- Promotional poster
- Hangul: 사랑을 처방해 드립니다
- Lit.: I'll Prescribe You Love
- RR: Sarangeul cheobanghae deurimnida
- MR: Sarangŭl ch'ŏbanghae tŭrimnida
- Genre: Coming-of-age; Family; Romance;
- Written by: Park Ji-sook [ko]
- Directed by: Han Joon-seo [ko]; Bae Eun-hye;
- Starring: Jin Se-yeon; Park Ki-woong;
- Music by: Choi In-hee
- Country of origin: South Korea
- Original language: Korean
- No. of episodes: 50

Production
- Executive producer: Kim Seung-ha
- Producers: Bae Eun-hye; Park Man-young; Bae Seong-su; Moon Bo-mi;
- Production company: HB Entertainment [ko]

Original release
- Network: KBS2
- Release: January 31 – July 19, 2026

= Recipe for Love (TV series) =

2026 South Korean television series

Recipe for Love is a 2026 South Korean television series written by Park Ji-sook, directed by Han Joon-seo and Bae Eun-hye, and starring Jin Se-yeon and Park Ki-woong. The series is about two lovers who struggle to protect their relationship amidst their families' past conflicts and emotional scars, ultimately leading to a journey of healing, sharing love, and reuniting the families. It aired on KBS2 from January 31, to July 19, 2026, every Saturday and Sunday at 20:00 (KST).

==Synopsis==
Gong Ju-ah and Yang Hyun-bin were childhood friends. They reunited when he returned from studying abroad in Argentina. Upon joining Taehan Group as General Director of the Fashion Business Division, he encountered Gong Ju-ah, a fashion designer by profession. Her acceptance of his proposal marked the renewal of their romantic relationship. But their families have been enemies since their grandparents' generation. Ju-ah's grandfather eloped with Hyun-bin's grandmother, starting the feud.
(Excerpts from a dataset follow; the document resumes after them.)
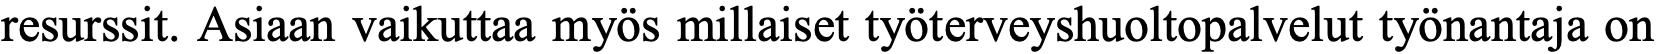
resurssit. Asiaan vaikuttaa myös millaiset työterveyshuoltopalvelut työnantaja on
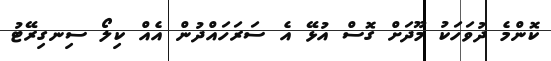
ކޮންމެ ދުވަހަކު މޫދަށް ގޮސް އުޅޭ އެ ސަރަހައްދުން އެއް ކިލޯ ސިނގިރޭޓު
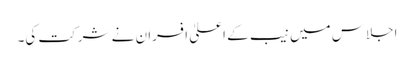
اجلاس میں نیب کے اعلیٰ افسران نے شرکت کی۔
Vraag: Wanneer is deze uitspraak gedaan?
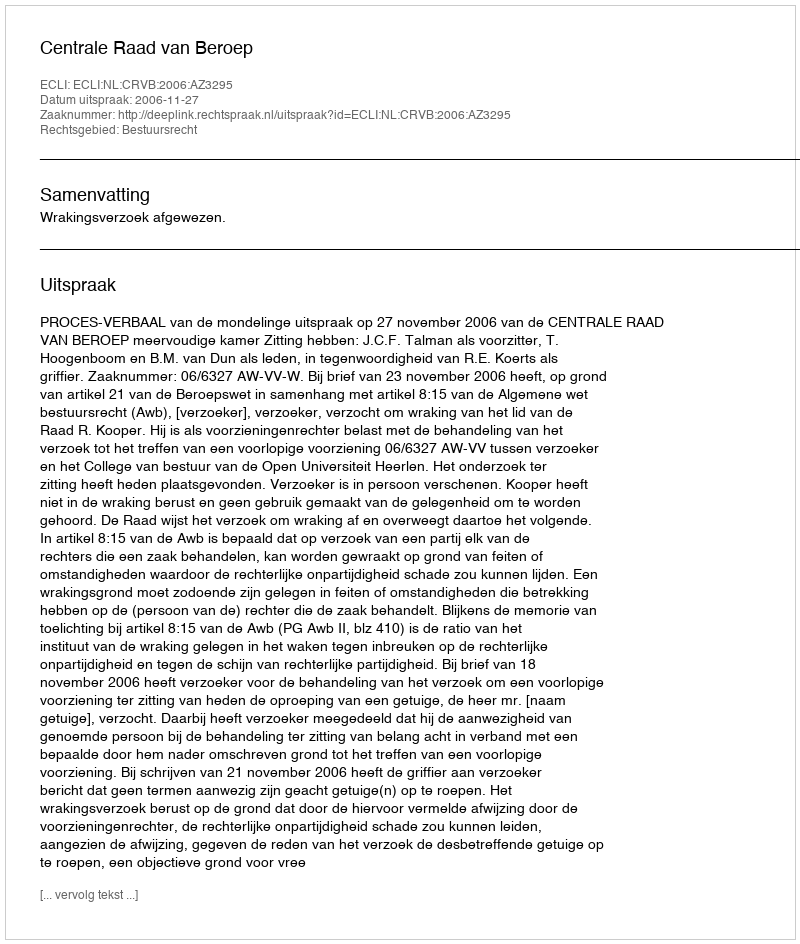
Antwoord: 2006-11-27
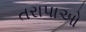
તરાપાઓ
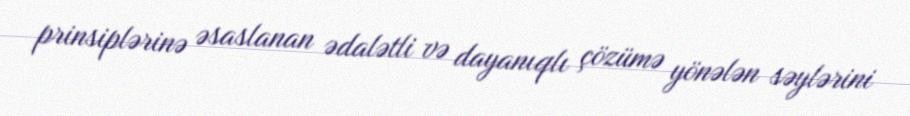
prinsiplərinə əsaslanan ədalətli və dayanıqlı çözümə yönələn səylərini
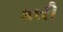
કારી
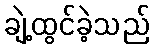
ချဲ့ထွင်ခဲ့သည်
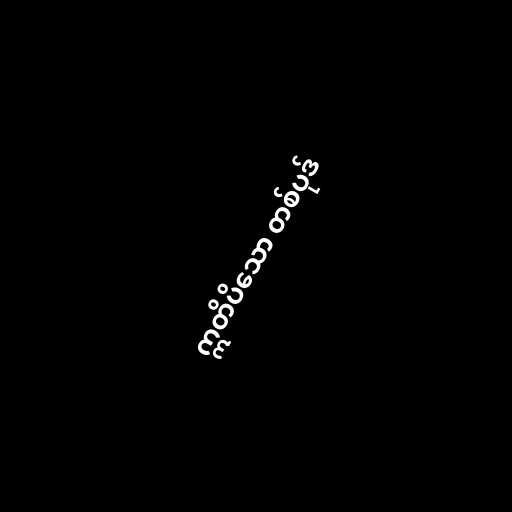
ဣတိပိသော တစ်ပုဒ်

Their families' 30-year feud, rooted in the Onjeong neighborhood, makes their relationship impossible.

==Cast==
===Main===
- Jin Se-yeon as Gong Ju-ah
 Born to parents who are both doctors, she was pushed into pursuing medicine, but eventually shifted gears and pursued her dream of becoming a clothes designer, and landed a job at Taehan Group. She quickly rises to team leader, but after an accident, she's demoted and ends up working with Hyun-bin.
- Park Ki-woong as Yang Hyun-bin
 A newly appointed general manager of Taehan Group's fashion division. He meets Ju-ah again at work, a childhood friend that he has deep feelings for.

===Supporting===
====Ju-ah's family====
- Kim Seung-soo as Gong Jeong-han
 Ju-ah's father, who is the head of the Gongmyeongjeongdae Clinic.
- Yoo Ho-jeong as Han Seong-mi
 Ju-ah's mother, who is a psychiatrist.
- Choi Dae-chul as Gong Dae-han
 Ju-ah's uncle, who is a rehabilitative therapist. He is Jeong-han's younger brother.
- Kim Sun-bin as Gong Woo-jae
 Ju-ah's younger brother. He is a med school grad aiming for a modeling career.
- Kim Mi-sook as Na Seon-hae
 Ju-ah's grandmother.

====Hyun-bin's family====
- Kim Hyung-mook as Yang Dong-ik
 A Korean medicine doctor who wants to make Yangji Barun Clinic a well-known and modern Korean medicine brand, rather than focusing on traditional Korean medicine. He is Hyun-bin's father.
- So Yi-hyun as Cha Se-ri
 Hyun-bin's stepmother, who is Dong-ik's second wife.
- Joo Jin-mo as Yang Seon-chul
 Hyun-bin's grandfather, who is the founder of Yangji Barun Oriental Medicine Clinic.
- Jo Mi-ryung as Yang Dong-sook
 Hyun-bin's aunt, who an oriental medicine clinic owner.
- Yoon Seo-ah as Yang Eun-bin
 Hyun-bin's younger sister. She is a self-centred social media star who was spoiled since childhood; she always got what she wanted and had set her sights on Woo-jae.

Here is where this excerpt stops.